Data provided>

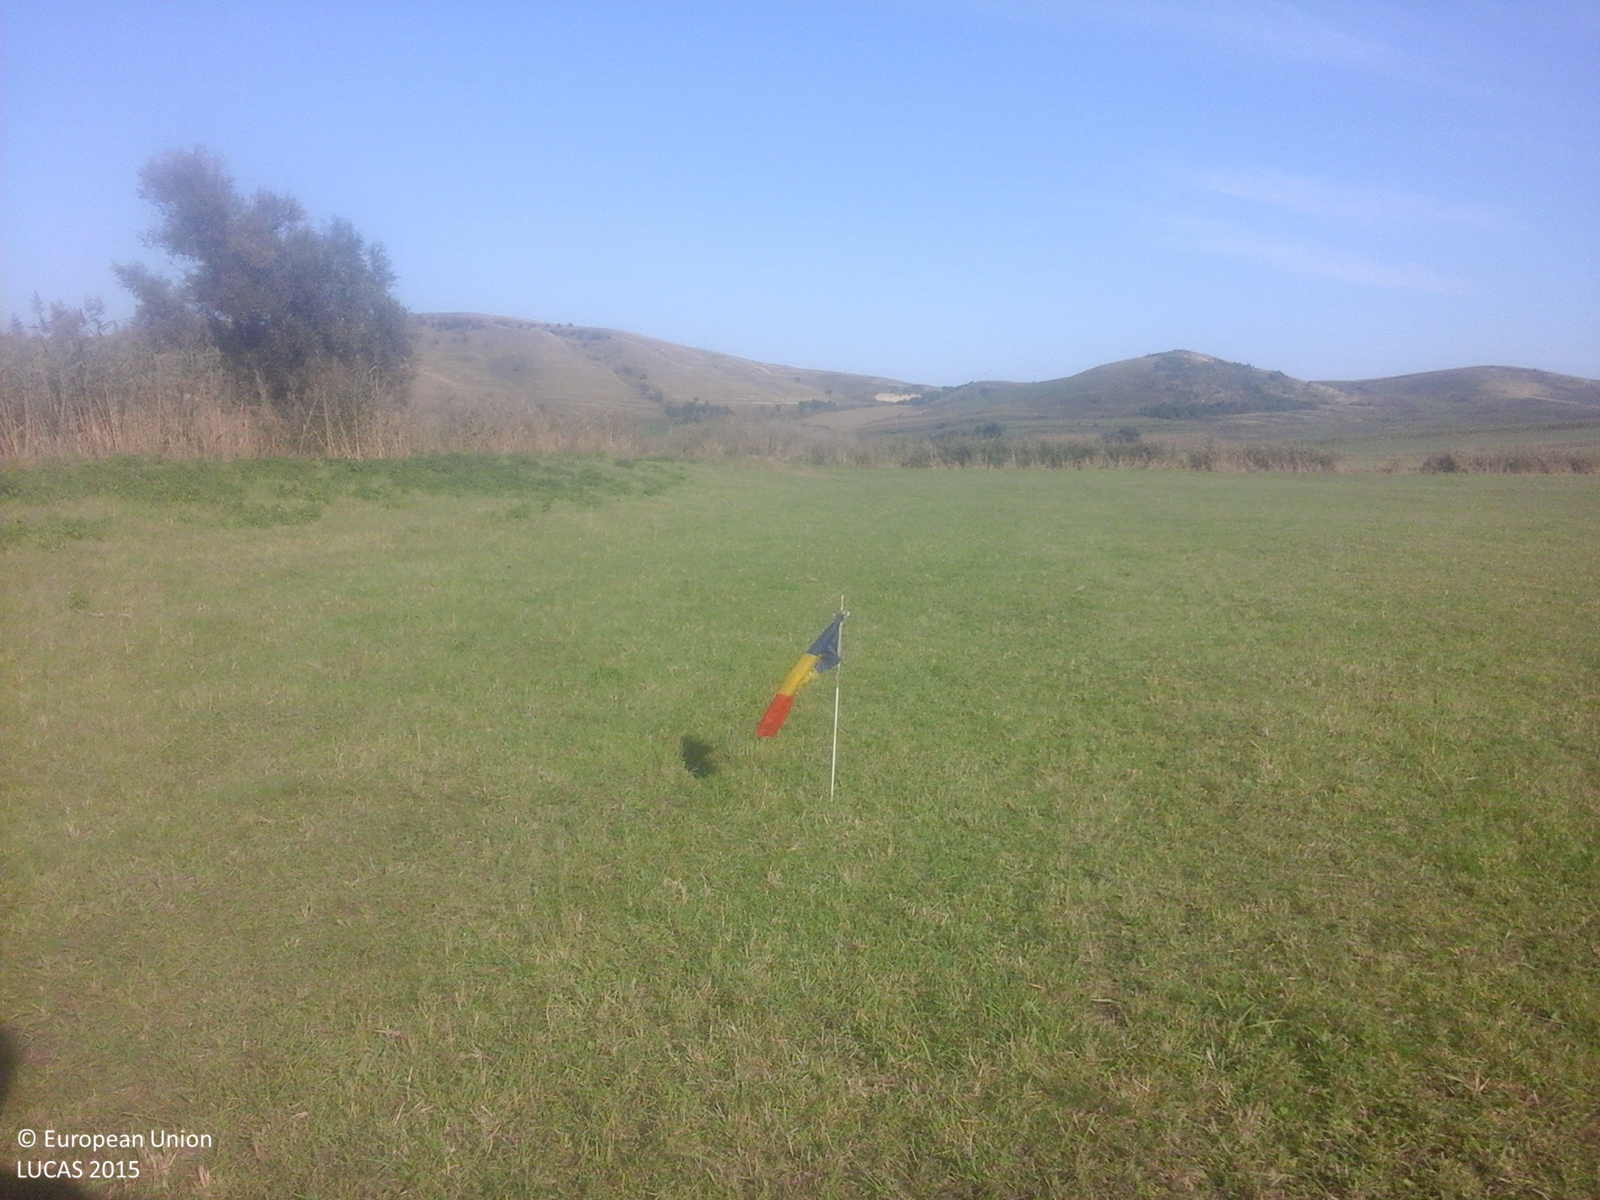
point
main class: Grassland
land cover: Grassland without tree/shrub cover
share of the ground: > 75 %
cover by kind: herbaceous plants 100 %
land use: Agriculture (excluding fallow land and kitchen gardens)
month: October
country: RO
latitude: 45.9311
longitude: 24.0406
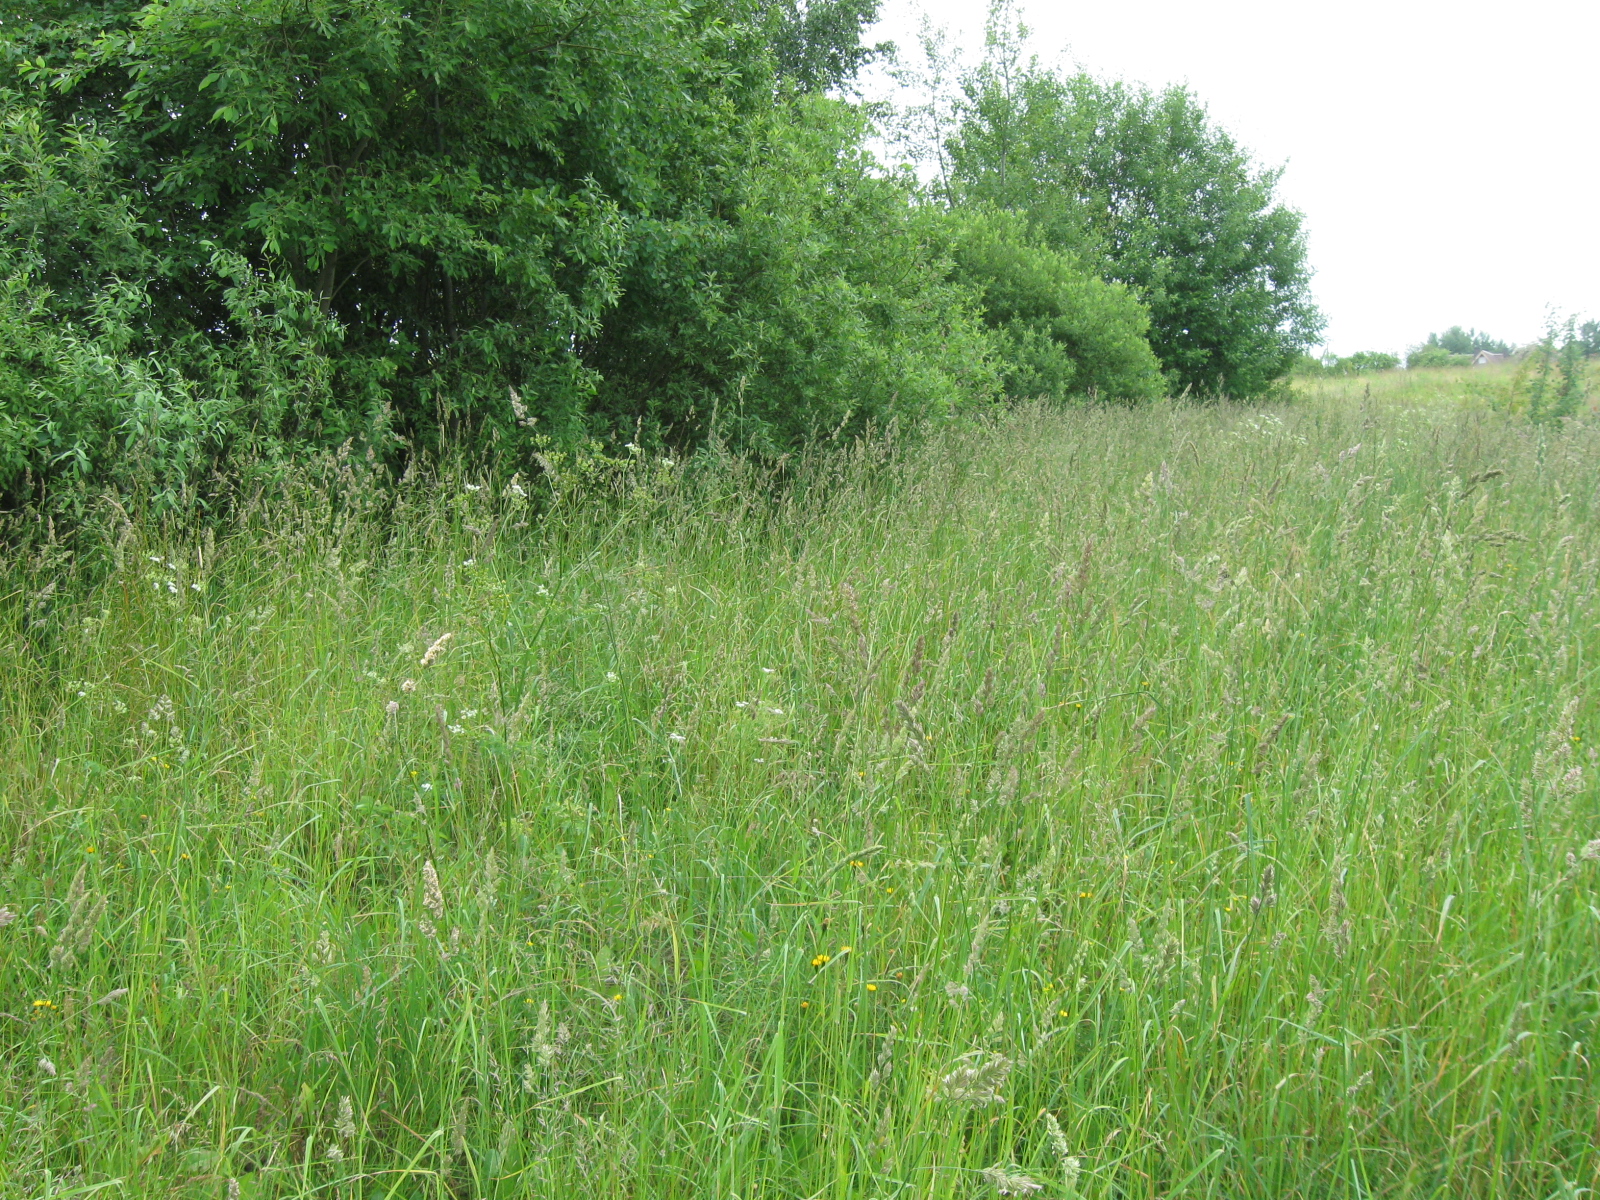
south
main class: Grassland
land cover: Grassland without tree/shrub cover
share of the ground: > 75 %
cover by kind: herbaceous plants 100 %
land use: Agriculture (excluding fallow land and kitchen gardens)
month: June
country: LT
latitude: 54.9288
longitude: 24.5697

Exercise aim>
Each line from the one that contains "country: RO" to the end of the listing must be quoted exactly; no other line and no picture belongs in the copy.

Written answer>
country: RO
latitude: 45.9311
longitude: 24.0406
south
main class: Grassland
land cover: Grassland without tree/shrub cover
share of the ground: > 75 %
cover by kind: herbaceous plants 100 %
land use: Agriculture (excluding fallow land and kitchen gardens)
month: June
country: LT
latitude: 54.9288
longitude: 24.5697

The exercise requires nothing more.